Выбрать главу

11 июня 1958

А о былых своих художественных свершениях он отзывается теперь в таком презрительно-пренебрежительном тоне:

...

Успех романа и знаки моей готовности принять участие в позднем образумлении века привели к тому, что везде бросились переводить и издавать все, что я успел пролепетать и нацарапать именно в эти годы дурацкого одичания, когда я не только не умел еще писать и говорить, но из чувства товарищества и в угоду царившим вкусам старался ничему этому не научиться. Как это все пусто и многословно, какое отсутствие чего бы то ни было, кроме чистой и совершенно ненужной белиберды!

19 июля 1959

Добро бы еще, если бы этот пренебрежительный тон был порожден естественным недовольством художника прежними своими творениями, – недовольством, обусловленным тем, что изменилось, стало иным его художественное зрение. Но тут – другое. Презрительный тон этот проистекал из его новой миссии: миссии пророка. Ситуация хорошо нам знакомая по творческой биографии Гоголя и Льва Толстого.
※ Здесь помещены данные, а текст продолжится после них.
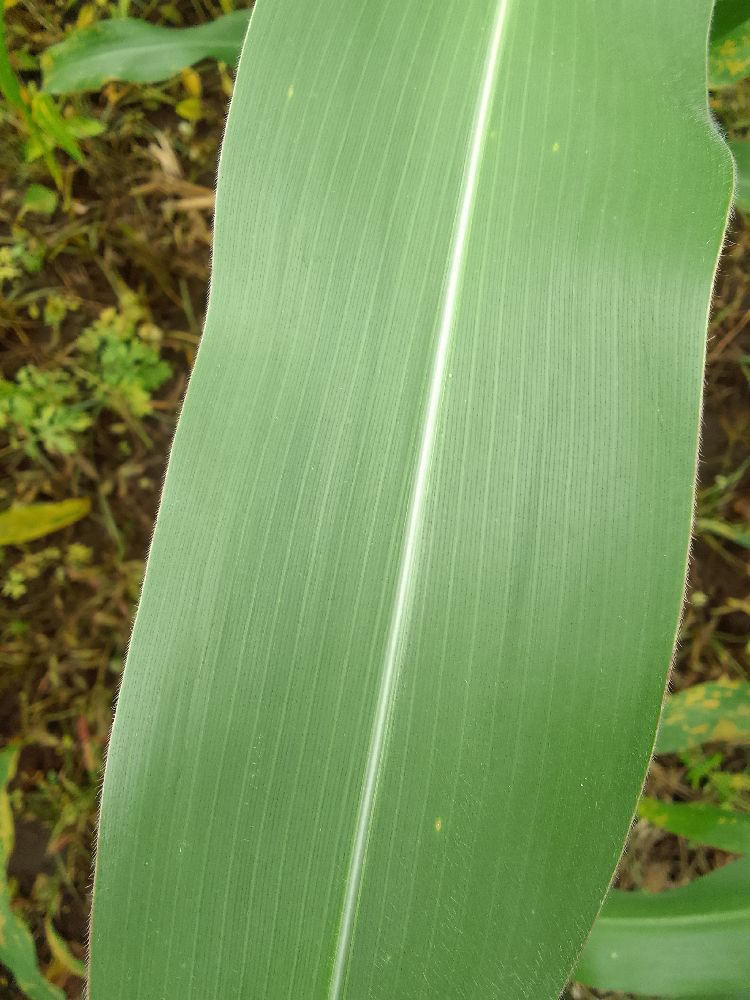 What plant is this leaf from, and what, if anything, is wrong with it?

maize, healthy

Поистине в судьбе русского писателя «что-то лежит роковое».

7

«Я не говорю, что роман нечто яркое, что он талантлив, что он – удачен. Но это – переворот, это – принятие решения, это было желание начать договаривать все до конца и оценивать жизнь в духе былой безусловности», – писал Пастернак в 1958 году в письме к В.В. Иванову.

Казалось бы, это «принятие решения» должно было навсегда покончить с терзавшими его «бореньями». Но эти его «боренья с самим собой» не прекратились, и не стали менее острыми. Они лишь переместились на другой плацдарм.
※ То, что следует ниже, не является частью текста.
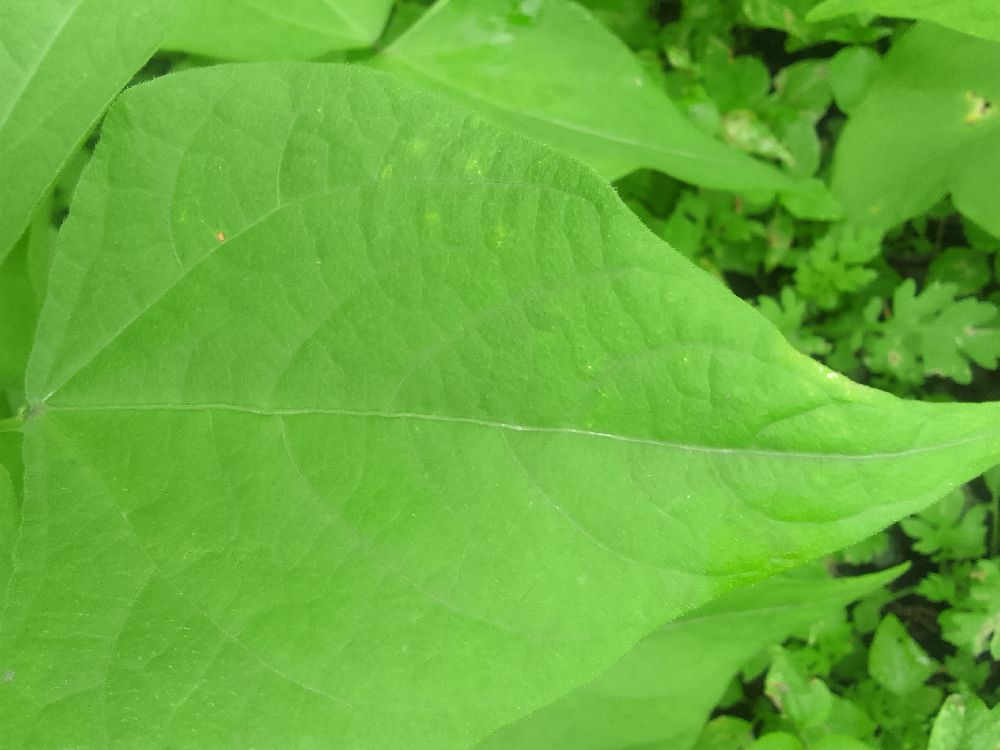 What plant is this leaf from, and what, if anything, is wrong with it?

В одном из писем того времени он говорит о своем романе, что это – «труд только для души, который никогда или только в далеком будущем увидит свет».

В другом утверждает прямо противоположное:

...

Уверяю Вас, я бы его скрыл, если бы он был написан слабее. Но он оказался сильнее моих мечтаний, сила же дается свыше, и, таким образом, дальнейшая судьба его не в моей воле.

Он то сомневается в объективной ценности своей «главной книги», оправдывая ее создание внутренней, сугубо личной, интимной необходимостью («…Я по-другому не мог»), то прямо-таки упивается выпавшей на ее долю мировой славой: «Эта книга во всем мире, как все чаще и чаще слышится, стоит после Библии на втором месте» (19 марта 1959).

Рассказывая в автобиографическом очерке «Люди и положения» о письме, в котором он благодарил Сталина за слова, сказанные им о Маяковском, Пастернак писал:

...

…Они избавляли меня от раздувания моего значения, которому я стал подвергаться в середине тридцатых годов, к поре съезда писателей. Я люблю свою жизнь и доволен ею. Я не нуждаюсь в ее дополнительной позолоте. Жизни вне тайны и незаметности, жизни в зеркальном блеске выставочной витрины я не мыслю.

Грандиозный мировой скандал вокруг романа «Доктор Живаго» поместил его в самый центр этой «выставочной витрины». И нельзя сказать, чтобы очутившись вдруг в ее «зеркальном блеске», он чувствовал себя там так уж неуютно:

...

За эти несколько дней я испытал счастливое и подымающее чувство спокойствия и внутренней правоты и ловил кругом взгляды, полные ужаса и обожания. Я также при этом испытании натолкнулся на вещи, о которых раньше не имел понятия, на свидетельства и доказательства того, что на долю мне выпало счастье жить большой значительной жизнью, в главном существе даже неизвестной мне.

Ничего не потеряно, я незаслуженно, во много раз больше, чем мною сделано, вознагражден со всех сторон света.

21 августа 1957

...

Я утопаю в грудах писем из-за границы. Говорил ли я Вам, что однажды наша переделкинская сельская почтальонша принесла их мне целую сумку, пятьдесят четыре штуки сразу. И каждый день по двадцати. В какой-то большой доле это все же упоенье и радость.

2 декабря 1958

В 1956 году Пастернак написал очень важное для тогдашнего его душевного состояния, поистине программное стихотворение – «Быть знаменитым некрасиво…»

Спустя два года, став знаменитым, он словно бы начисто забыл об этой своей заповеди: он не просто радуется своей знаменитости, но прямо-таки упивается ею!

Что же это? Естественная слабость человека, прошедшего огонь и воду, но не выдержавшего испытания «медными трубами», льстивыми фанфарами славы?

Нет, это другое.

8

В критической литературе о Пастернаке однажды метко было замечено, что стихотворение «Быть знаменитым некрасиво…» – «может показаться дидактичным, но перестает быть таким, когда вскрываются его подтексты».